BEGIN

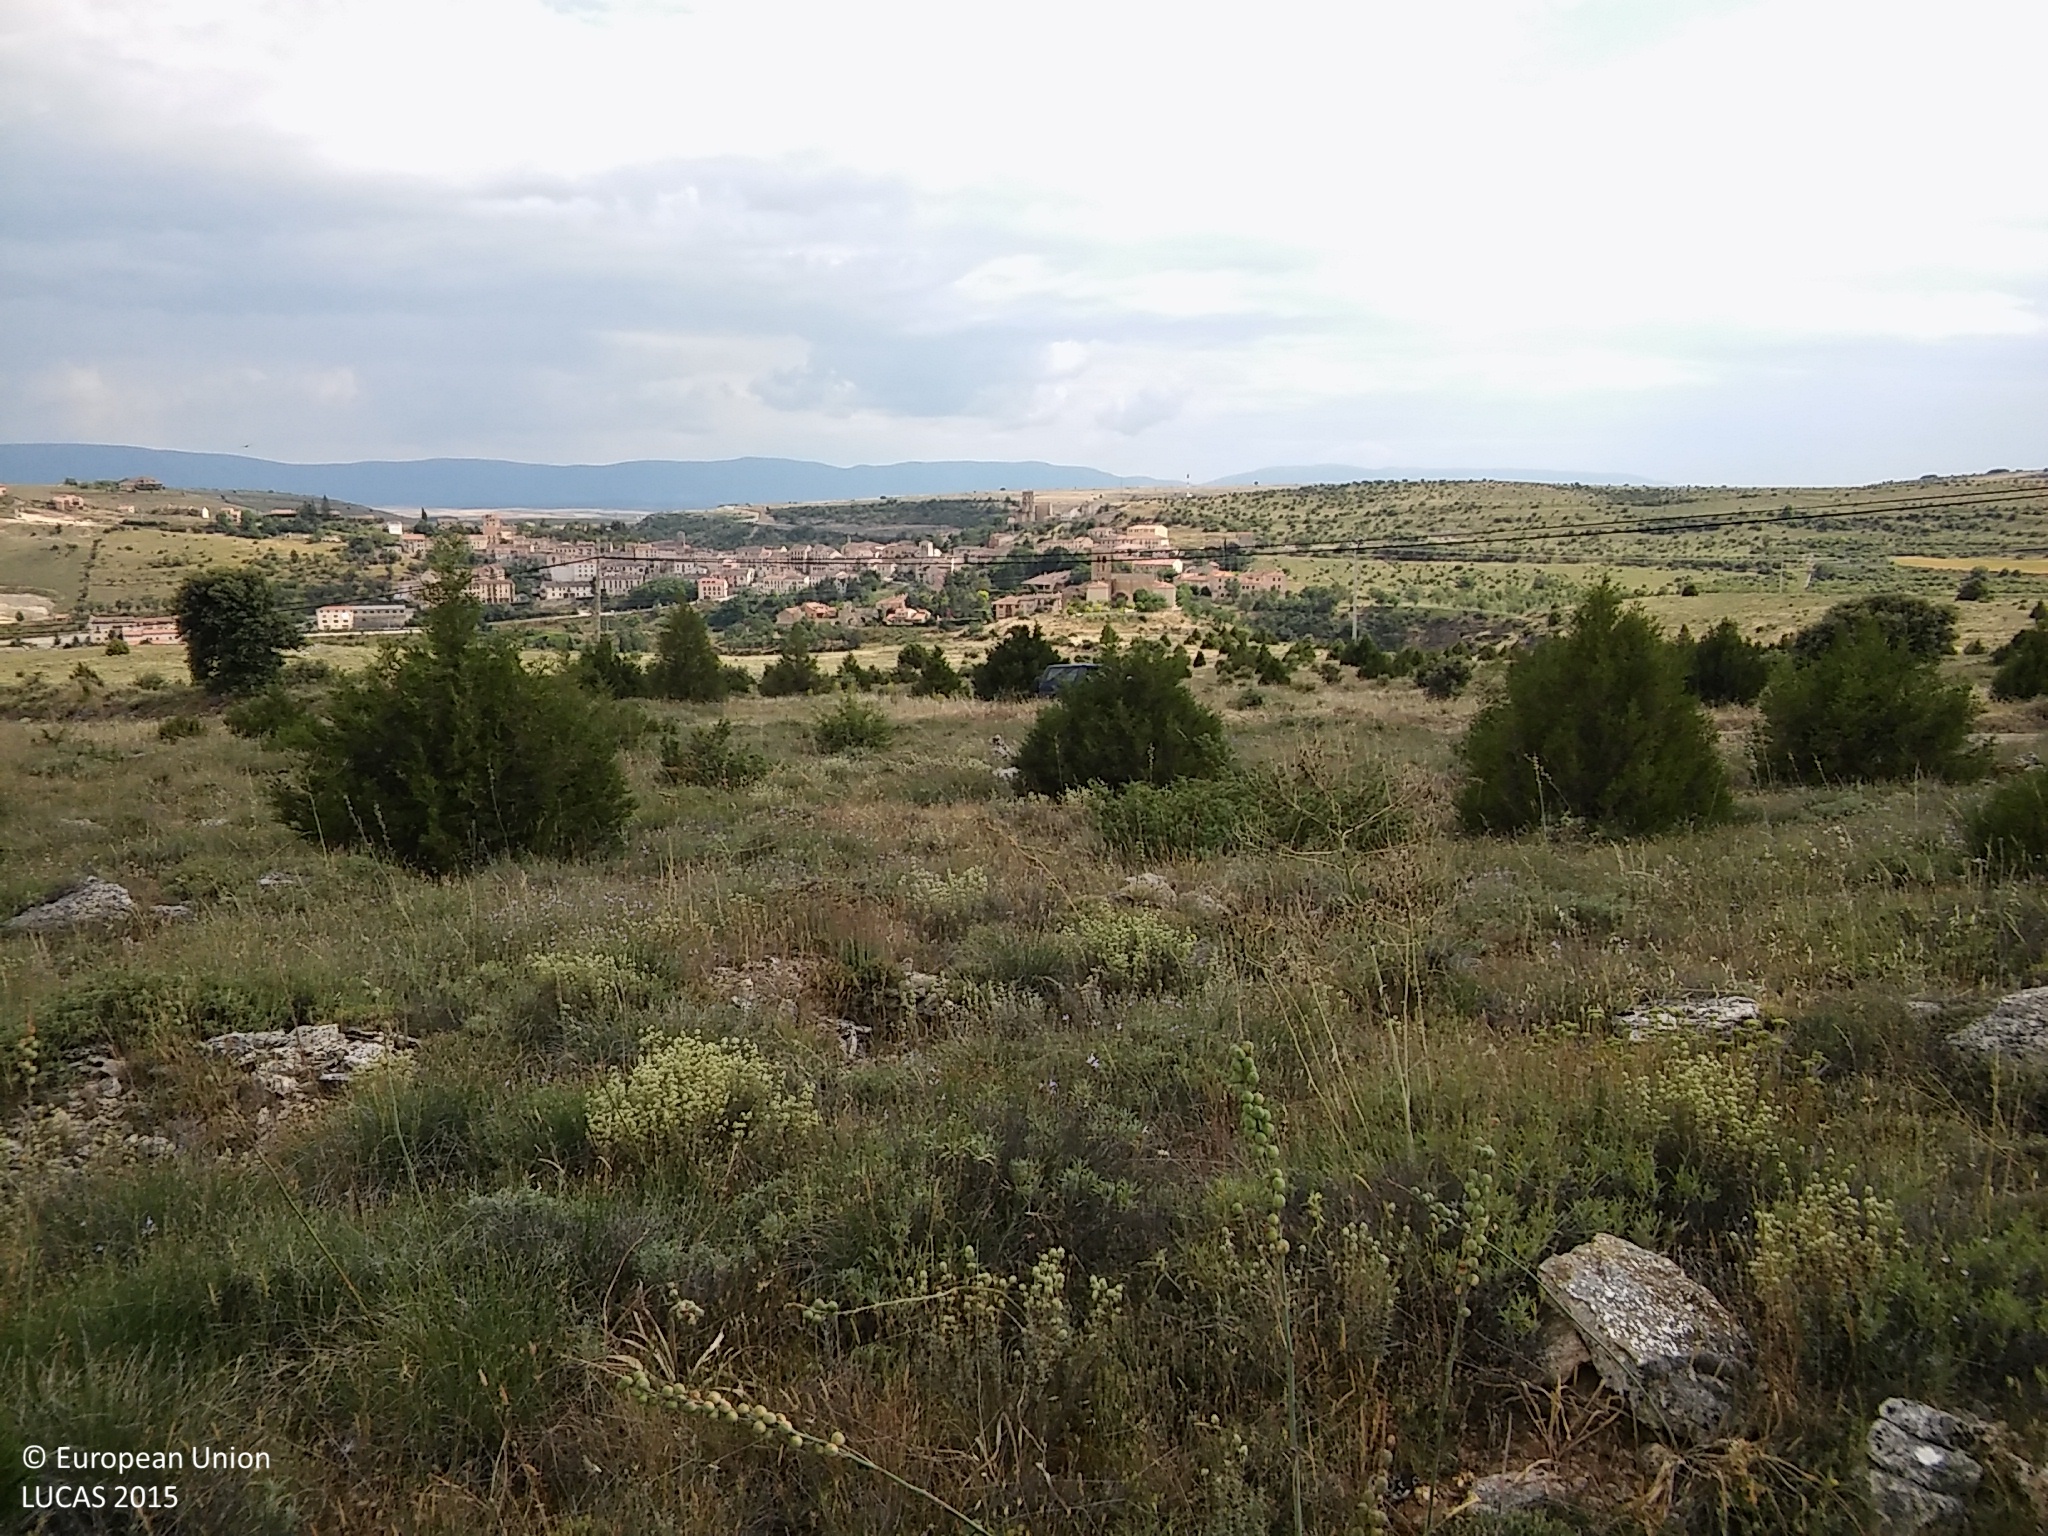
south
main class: Woodland
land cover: Other coniferous woodland
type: coniferous forest of the mediterranean region
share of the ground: 10 - 25 %
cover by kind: shrubs 50 %, herbaceous plants 20 %, unconsolidated bare surface 20 %, coniferous forest trees 10 %
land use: Semi-natural and natural areas not in use
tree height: < 5 m
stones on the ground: 25 - 50 %
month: June
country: ES
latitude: 41.3088
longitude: -3.7496
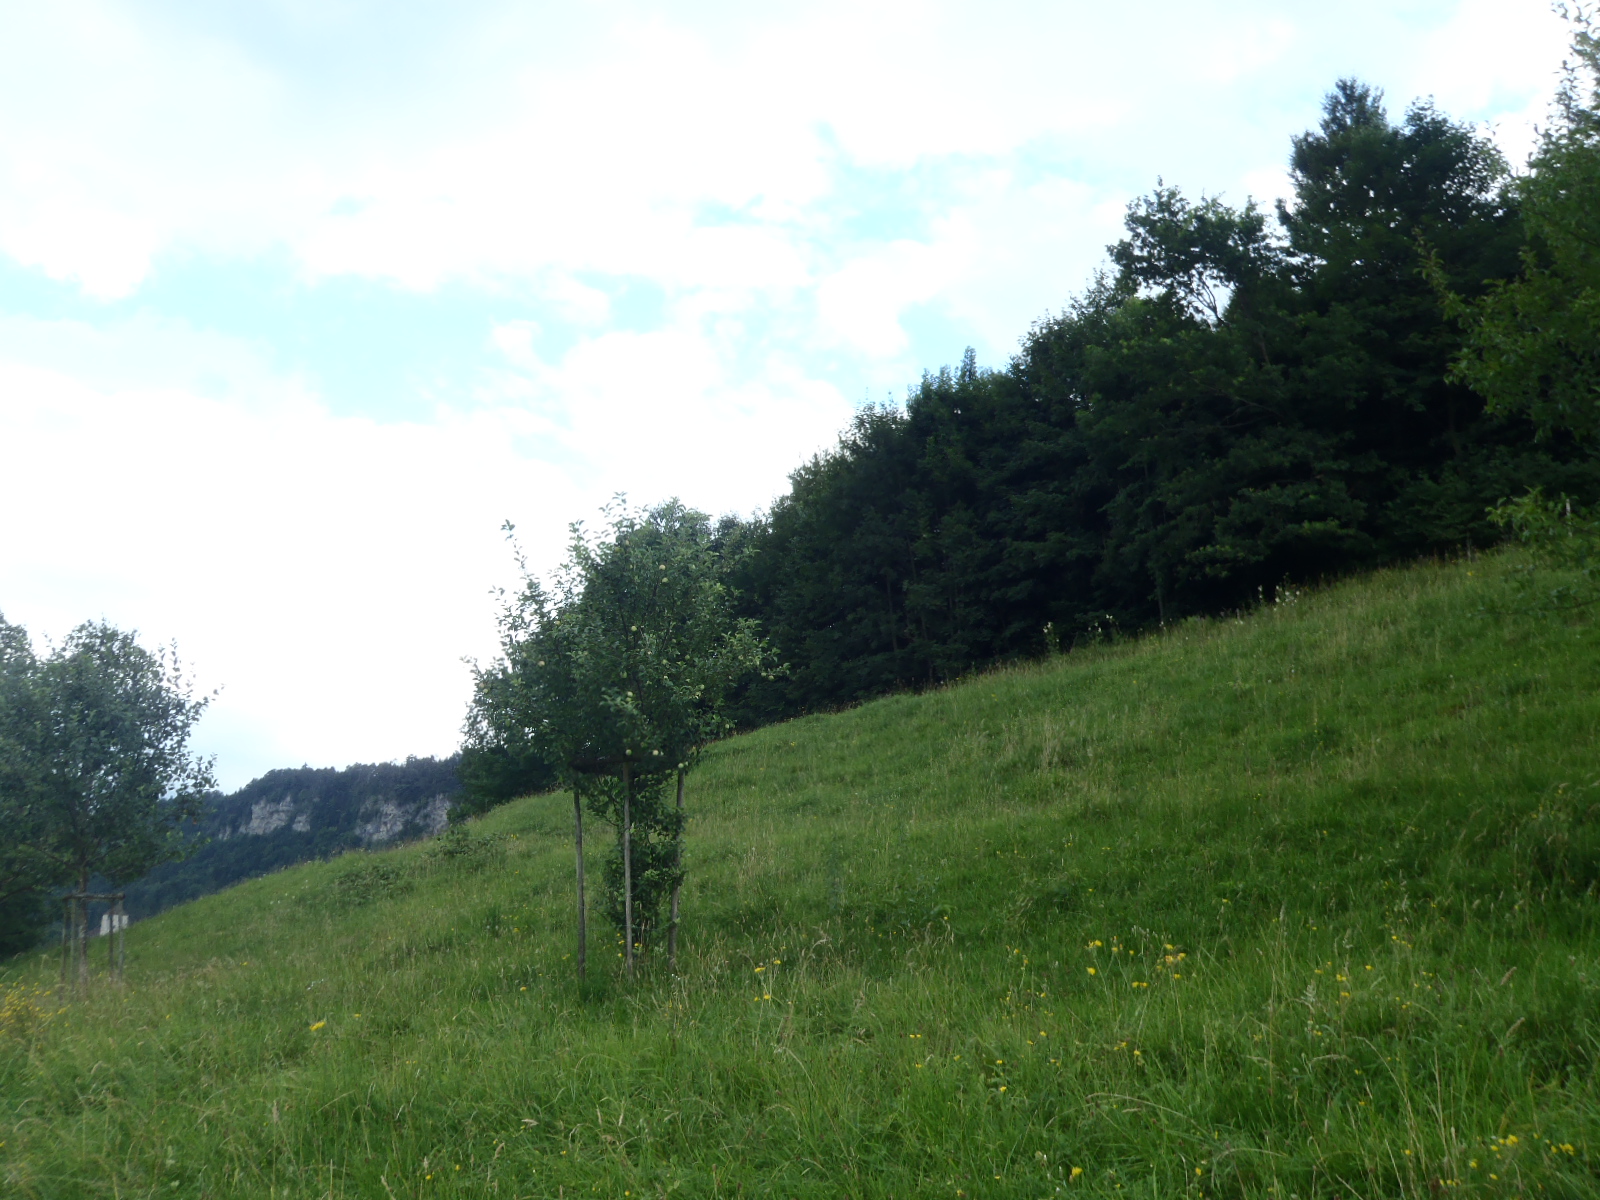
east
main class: Grassland
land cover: Grassland without tree/shrub cover
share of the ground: > 75 %
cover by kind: herbaceous plants 100 %
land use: Agriculture (excluding fallow land and kitchen gardens)
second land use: Amenities, museums, leisure
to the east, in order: Grassland without tree/shrub cover; Tracks; Grassland without tree/shrub cover; Lines of trees; Grassland without tree/shrub cover; Shrubland without tree cover; Fences; Broadleaved woodland
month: July
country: AT
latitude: 47.2328
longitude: 9.5909

END

▸ **PROBLEM DETAILS**
Look over the entries above and say how many lines contain "share"; give only the number.

▸ **RESPONSE BOX**
2